WHAT NEEDS TO BE DONE ▸
Restate, word for word, the lines from the opening line of the data through the line containing "The letters stand", both included, and nothing else.

RECORDS TO PROCESS ▸
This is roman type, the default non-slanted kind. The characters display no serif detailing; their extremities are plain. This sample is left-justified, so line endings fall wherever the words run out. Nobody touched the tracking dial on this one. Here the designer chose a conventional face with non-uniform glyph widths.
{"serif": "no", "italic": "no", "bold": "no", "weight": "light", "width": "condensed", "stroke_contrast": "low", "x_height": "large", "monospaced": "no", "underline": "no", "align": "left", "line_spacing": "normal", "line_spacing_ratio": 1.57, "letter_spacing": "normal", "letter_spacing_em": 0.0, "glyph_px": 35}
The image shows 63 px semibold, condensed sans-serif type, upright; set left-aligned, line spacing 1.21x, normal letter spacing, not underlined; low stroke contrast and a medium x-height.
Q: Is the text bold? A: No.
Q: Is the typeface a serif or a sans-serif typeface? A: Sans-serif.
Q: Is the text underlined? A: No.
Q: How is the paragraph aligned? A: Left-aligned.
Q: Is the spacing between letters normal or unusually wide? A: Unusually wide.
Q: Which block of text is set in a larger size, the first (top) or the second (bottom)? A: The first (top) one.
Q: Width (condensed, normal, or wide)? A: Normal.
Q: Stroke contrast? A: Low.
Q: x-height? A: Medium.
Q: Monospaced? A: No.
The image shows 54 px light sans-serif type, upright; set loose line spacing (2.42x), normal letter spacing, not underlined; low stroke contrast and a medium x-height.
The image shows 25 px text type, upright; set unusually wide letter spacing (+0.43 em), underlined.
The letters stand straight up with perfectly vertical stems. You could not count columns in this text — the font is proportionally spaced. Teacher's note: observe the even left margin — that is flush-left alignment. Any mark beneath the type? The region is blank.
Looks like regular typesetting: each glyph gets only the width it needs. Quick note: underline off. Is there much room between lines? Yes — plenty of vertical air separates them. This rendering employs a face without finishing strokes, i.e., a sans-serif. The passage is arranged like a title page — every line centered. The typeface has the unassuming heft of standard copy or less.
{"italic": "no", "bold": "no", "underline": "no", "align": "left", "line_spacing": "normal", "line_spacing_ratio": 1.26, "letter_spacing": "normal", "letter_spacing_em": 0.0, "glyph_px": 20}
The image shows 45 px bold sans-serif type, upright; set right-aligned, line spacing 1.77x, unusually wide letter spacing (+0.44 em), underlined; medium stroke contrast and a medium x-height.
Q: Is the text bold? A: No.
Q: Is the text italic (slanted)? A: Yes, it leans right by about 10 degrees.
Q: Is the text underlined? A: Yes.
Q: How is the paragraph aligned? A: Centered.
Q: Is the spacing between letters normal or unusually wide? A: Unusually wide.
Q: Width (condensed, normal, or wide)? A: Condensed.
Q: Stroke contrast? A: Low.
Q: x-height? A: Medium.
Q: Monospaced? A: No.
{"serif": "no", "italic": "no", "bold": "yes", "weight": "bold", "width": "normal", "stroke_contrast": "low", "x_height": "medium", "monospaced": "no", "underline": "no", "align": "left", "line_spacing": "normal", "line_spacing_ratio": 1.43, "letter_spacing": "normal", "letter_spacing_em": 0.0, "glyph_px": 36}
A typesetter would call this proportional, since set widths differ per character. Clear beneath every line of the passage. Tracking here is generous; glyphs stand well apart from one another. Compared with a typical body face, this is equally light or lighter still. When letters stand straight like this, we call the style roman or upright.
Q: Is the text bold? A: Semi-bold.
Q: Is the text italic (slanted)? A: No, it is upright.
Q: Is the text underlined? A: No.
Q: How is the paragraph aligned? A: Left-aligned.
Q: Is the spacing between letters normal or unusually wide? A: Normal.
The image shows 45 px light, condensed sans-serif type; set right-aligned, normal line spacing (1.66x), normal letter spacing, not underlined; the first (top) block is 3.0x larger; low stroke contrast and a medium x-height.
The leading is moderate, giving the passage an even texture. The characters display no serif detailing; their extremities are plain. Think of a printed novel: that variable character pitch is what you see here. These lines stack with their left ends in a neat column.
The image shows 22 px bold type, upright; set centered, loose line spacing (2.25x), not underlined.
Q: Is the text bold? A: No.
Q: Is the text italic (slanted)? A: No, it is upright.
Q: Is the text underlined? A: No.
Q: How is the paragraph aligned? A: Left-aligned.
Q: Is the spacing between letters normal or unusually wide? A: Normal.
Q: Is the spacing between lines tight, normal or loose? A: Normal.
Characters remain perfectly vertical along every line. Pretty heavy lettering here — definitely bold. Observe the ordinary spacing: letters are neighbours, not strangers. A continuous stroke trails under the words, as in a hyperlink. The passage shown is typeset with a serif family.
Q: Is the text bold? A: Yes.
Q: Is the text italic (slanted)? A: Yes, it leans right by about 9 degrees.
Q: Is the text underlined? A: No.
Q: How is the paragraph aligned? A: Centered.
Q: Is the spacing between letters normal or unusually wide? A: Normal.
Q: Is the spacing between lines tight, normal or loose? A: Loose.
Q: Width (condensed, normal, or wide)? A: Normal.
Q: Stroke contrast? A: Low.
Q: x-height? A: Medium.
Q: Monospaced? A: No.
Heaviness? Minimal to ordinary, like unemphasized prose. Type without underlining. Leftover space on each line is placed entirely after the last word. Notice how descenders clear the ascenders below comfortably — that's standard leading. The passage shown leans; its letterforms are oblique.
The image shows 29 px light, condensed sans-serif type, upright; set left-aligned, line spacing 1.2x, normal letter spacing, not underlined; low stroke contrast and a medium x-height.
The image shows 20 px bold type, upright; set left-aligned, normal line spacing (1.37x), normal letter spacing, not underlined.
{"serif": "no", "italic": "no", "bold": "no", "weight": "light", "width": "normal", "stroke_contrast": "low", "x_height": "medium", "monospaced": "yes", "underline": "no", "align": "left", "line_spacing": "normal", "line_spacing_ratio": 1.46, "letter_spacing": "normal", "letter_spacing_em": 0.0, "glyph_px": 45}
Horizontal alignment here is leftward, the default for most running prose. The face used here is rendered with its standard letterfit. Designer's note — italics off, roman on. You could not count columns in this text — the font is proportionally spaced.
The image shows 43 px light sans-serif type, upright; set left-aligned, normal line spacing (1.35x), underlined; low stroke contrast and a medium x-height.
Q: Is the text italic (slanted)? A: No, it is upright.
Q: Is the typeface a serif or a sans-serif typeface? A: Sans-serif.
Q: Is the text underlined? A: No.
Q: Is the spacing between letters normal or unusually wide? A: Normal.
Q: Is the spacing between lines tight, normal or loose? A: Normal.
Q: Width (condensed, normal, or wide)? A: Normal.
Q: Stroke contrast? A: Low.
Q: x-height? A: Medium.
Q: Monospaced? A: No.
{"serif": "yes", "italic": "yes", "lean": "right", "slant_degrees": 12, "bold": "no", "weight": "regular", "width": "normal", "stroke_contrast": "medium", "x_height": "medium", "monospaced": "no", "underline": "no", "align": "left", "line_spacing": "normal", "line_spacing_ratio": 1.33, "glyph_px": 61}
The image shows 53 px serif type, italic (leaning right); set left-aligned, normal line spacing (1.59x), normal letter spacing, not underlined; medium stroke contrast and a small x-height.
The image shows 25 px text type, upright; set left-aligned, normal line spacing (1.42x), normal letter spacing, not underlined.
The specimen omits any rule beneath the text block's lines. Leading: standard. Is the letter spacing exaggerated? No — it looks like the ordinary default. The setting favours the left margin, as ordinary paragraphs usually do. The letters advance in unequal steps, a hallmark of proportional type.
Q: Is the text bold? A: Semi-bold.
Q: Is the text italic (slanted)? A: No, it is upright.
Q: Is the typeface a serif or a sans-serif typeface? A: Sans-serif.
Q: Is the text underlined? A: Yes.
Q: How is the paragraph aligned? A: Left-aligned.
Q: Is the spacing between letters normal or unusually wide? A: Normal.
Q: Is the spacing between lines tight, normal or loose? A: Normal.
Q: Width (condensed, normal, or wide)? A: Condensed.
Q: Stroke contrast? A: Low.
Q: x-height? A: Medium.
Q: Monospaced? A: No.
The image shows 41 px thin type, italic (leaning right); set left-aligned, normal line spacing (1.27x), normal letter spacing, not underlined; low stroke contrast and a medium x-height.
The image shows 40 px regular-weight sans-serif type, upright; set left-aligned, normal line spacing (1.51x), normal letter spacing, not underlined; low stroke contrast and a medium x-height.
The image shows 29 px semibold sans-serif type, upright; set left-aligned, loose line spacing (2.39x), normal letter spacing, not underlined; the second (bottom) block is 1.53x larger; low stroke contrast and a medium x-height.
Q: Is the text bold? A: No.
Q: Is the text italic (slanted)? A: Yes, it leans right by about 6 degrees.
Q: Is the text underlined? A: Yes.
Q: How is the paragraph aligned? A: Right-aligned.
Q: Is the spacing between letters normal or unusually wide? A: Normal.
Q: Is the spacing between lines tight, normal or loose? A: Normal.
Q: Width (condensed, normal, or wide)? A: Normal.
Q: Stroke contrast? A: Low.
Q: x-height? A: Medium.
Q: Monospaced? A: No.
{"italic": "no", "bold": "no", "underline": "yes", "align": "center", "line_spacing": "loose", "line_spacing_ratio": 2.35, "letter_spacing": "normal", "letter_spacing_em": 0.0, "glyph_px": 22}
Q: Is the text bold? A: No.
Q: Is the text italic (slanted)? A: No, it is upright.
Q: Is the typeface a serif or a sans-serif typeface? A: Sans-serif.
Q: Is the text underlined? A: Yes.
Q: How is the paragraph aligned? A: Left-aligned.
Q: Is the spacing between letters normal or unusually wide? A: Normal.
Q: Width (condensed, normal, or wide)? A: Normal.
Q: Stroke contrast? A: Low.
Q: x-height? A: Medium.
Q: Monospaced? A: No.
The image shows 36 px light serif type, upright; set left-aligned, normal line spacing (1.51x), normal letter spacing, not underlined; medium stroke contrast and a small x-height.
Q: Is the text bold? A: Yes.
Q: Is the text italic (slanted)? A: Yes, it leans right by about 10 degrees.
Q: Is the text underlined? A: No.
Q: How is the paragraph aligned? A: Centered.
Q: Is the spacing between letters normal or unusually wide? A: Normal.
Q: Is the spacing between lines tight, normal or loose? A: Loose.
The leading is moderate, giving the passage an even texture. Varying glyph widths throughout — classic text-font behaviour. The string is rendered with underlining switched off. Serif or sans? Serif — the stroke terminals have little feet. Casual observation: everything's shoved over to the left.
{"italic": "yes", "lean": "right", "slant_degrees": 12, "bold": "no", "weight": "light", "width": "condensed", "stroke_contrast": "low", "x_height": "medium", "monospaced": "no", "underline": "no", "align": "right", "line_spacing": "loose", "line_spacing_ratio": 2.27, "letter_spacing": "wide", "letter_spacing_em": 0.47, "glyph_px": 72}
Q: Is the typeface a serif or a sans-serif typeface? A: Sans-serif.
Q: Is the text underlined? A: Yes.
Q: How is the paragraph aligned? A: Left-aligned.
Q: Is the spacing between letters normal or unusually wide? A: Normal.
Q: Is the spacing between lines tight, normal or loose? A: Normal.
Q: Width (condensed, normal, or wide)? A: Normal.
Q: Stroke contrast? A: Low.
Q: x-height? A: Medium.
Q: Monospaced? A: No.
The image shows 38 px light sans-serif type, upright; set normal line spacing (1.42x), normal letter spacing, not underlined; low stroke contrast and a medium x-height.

RESPONSE BOX ▸
This is roman type, the default non-slanted kind. The characters display no serif detailing; their extremities are plain. This sample is left-justified, so line endings fall wherever the words run out. Nobody touched the tracking dial on this one. Here the designer chose a conventional face with non-uniform glyph widths.
{"serif": "no", "italic": "no", "bold": "no", "weight": "light", "width": "condensed", "stroke_contrast": "low", "x_height": "large", "monospaced": "no", "underline": "no", "align": "left", "line_spacing": "normal", "line_spacing_ratio": 1.57, "letter_spacing": "normal", "letter_spacing_em": 0.0, "glyph_px": 35}
The image shows 63 px semibold, condensed sans-serif type, upright; set left-aligned, line spacing 1.21x, normal letter spacing, not underlined; low stroke contrast and a medium x-height.
Q: Is the text bold? A: No.
Q: Is the typeface a serif or a sans-serif typeface? A: Sans-serif.
Q: Is the text underlined? A: No.
Q: How is the paragraph aligned? A: Left-aligned.
Q: Is the spacing between letters normal or unusually wide? A: Unusually wide.
Q: Which block of text is set in a larger size, the first (top) or the second (bottom)? A: The first (top) one.
Q: Width (condensed, normal, or wide)? A: Normal.
Q: Stroke contrast? A: Low.
Q: x-height? A: Medium.
Q: Monospaced? A: No.
The image shows 54 px light sans-serif type, upright; set loose line spacing (2.42x), normal letter spacing, not underlined; low stroke contrast and a medium x-height.
The image shows 25 px text type, upright; set unusually wide letter spacing (+0.43 em), underlined.
The letters stand straight up with perfectly vertical stems. You could not count columns in this text — the font is proportionally spaced. Teacher's note: observe the even left margin — that is flush-left alignment. Any mark beneath the type? The region is blank.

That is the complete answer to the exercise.